Escalating fears that the U.S. government may partially shut down has led to selling in Asian and European stocks and led to a drop in U.S. stock futures. But the uncertainty could lead to a perfect buying opportunity and an ideal route back into this year's stock market rally, according to one money manager.
Forty five percent of CNBC readers who voted in an online poll on Monday said they would go short the S&P 500 because of the looming government shutdown. But Michael Yoshikami, founder and CEO of Destination Wealth Management, told CNBC that he's biding his time in the hopes of getting back into the market.
(Read More: As US shutdownlooms, how will you trade S&P 500 ?)

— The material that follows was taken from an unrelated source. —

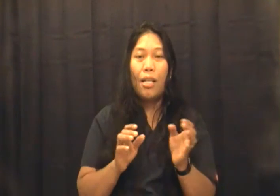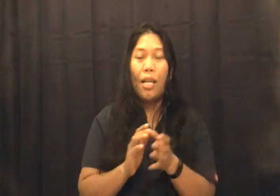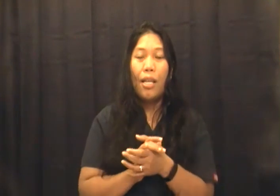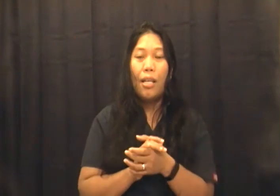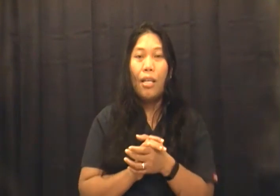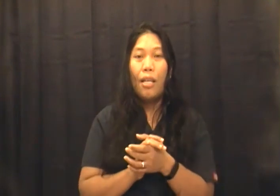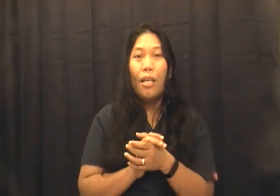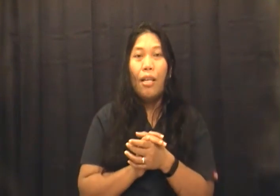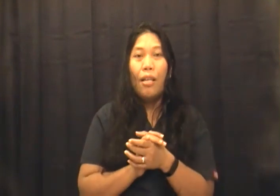Kay.

"It's an opportunity," he said. "In the end you still have a market that is, at worst, fairly valued and you have nowhere else to go. If you are into fixed income you are losing money. Money market here makes nothing."
Yoshikami believes the shutdown is just posturing and said investors should buy some blue chip stocks if there is softness in the market this week.

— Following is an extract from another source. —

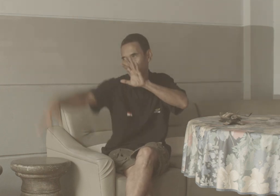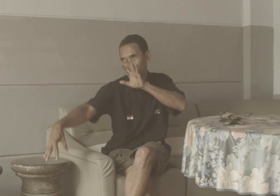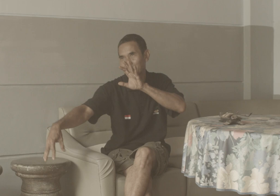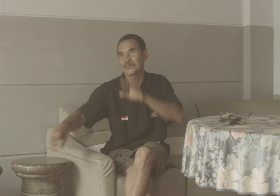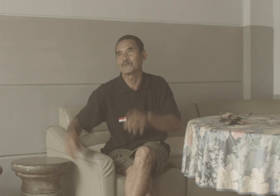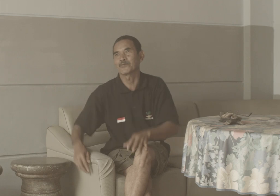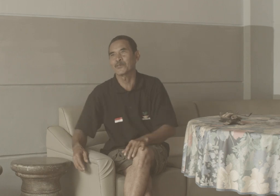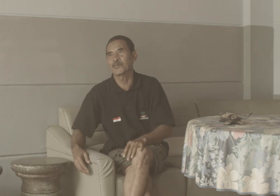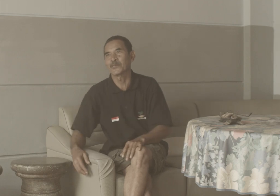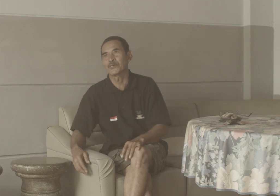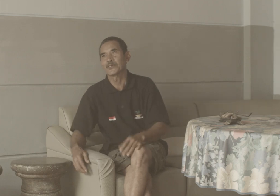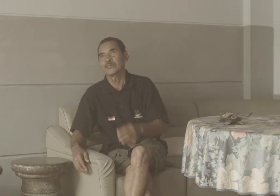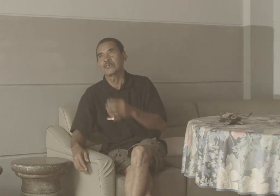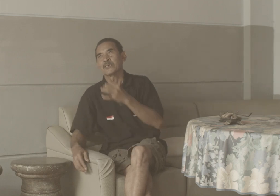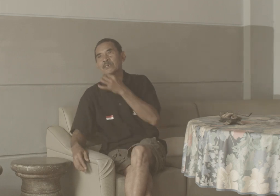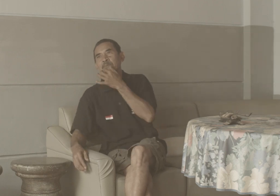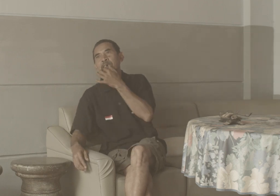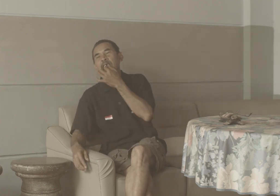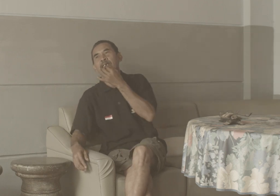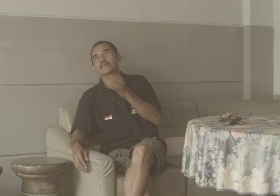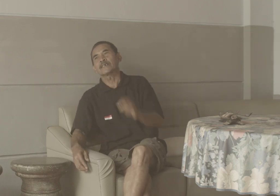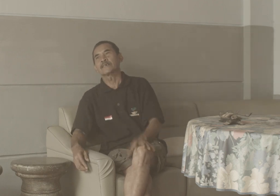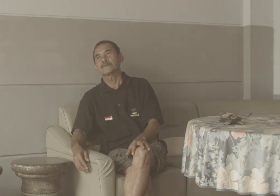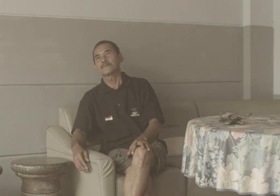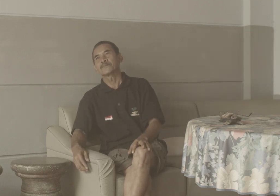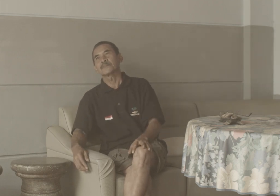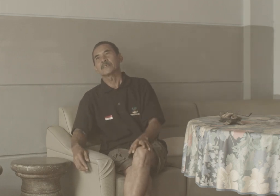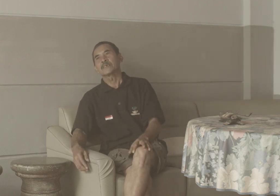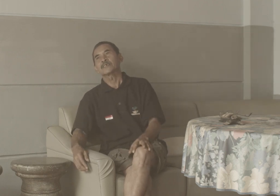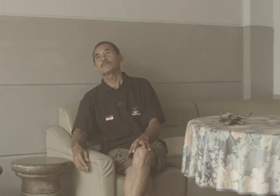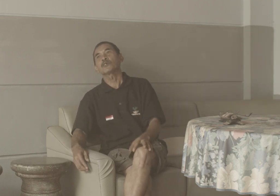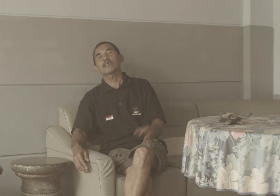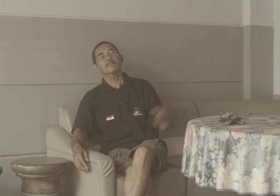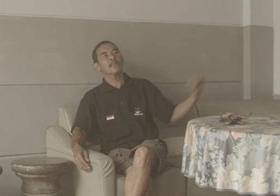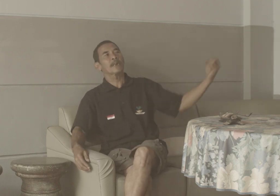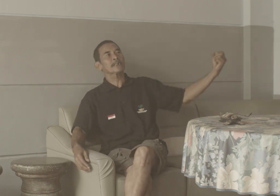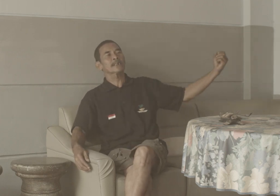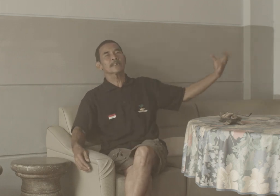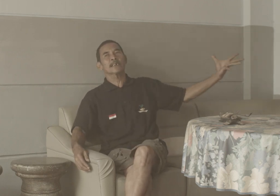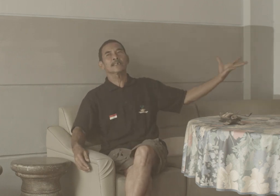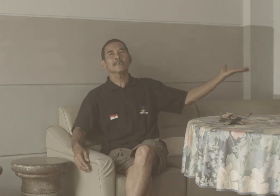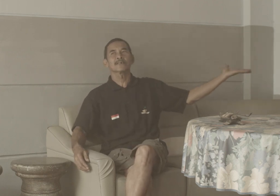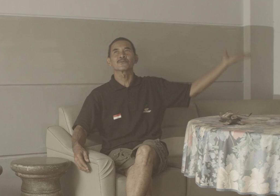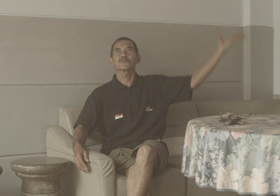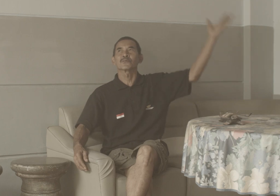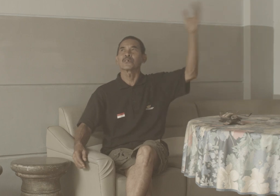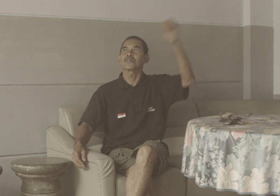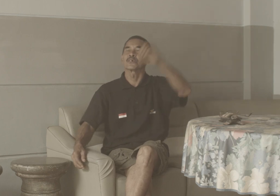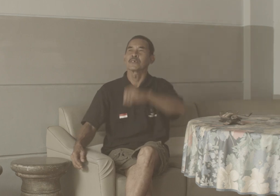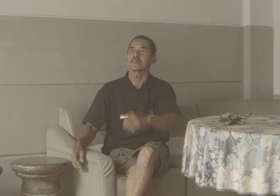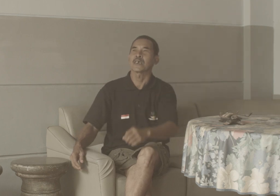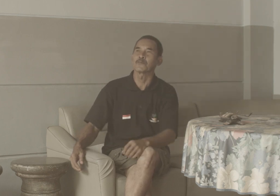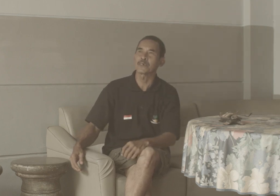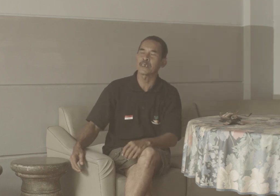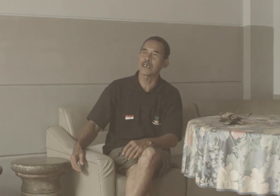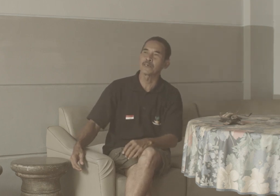Muncul Matahari Simul Daripada Matahari Adalah Nah Mungkin Kalau

U.S. politicians have been unable to reach an agreement on budget spending and face a deadline of midnight on Monday, after which the government will shut down, resulting in 800,000 federal employees being put on temporary leave.
(Read More: US budget uncertainty may limit gold's decline)
The Republican-controlled House of Representatives early on Sunday passed a measure that ties government funding to a one-year delay of President Barack Obama's landmark health care restructuring law, also known as "Obamacare".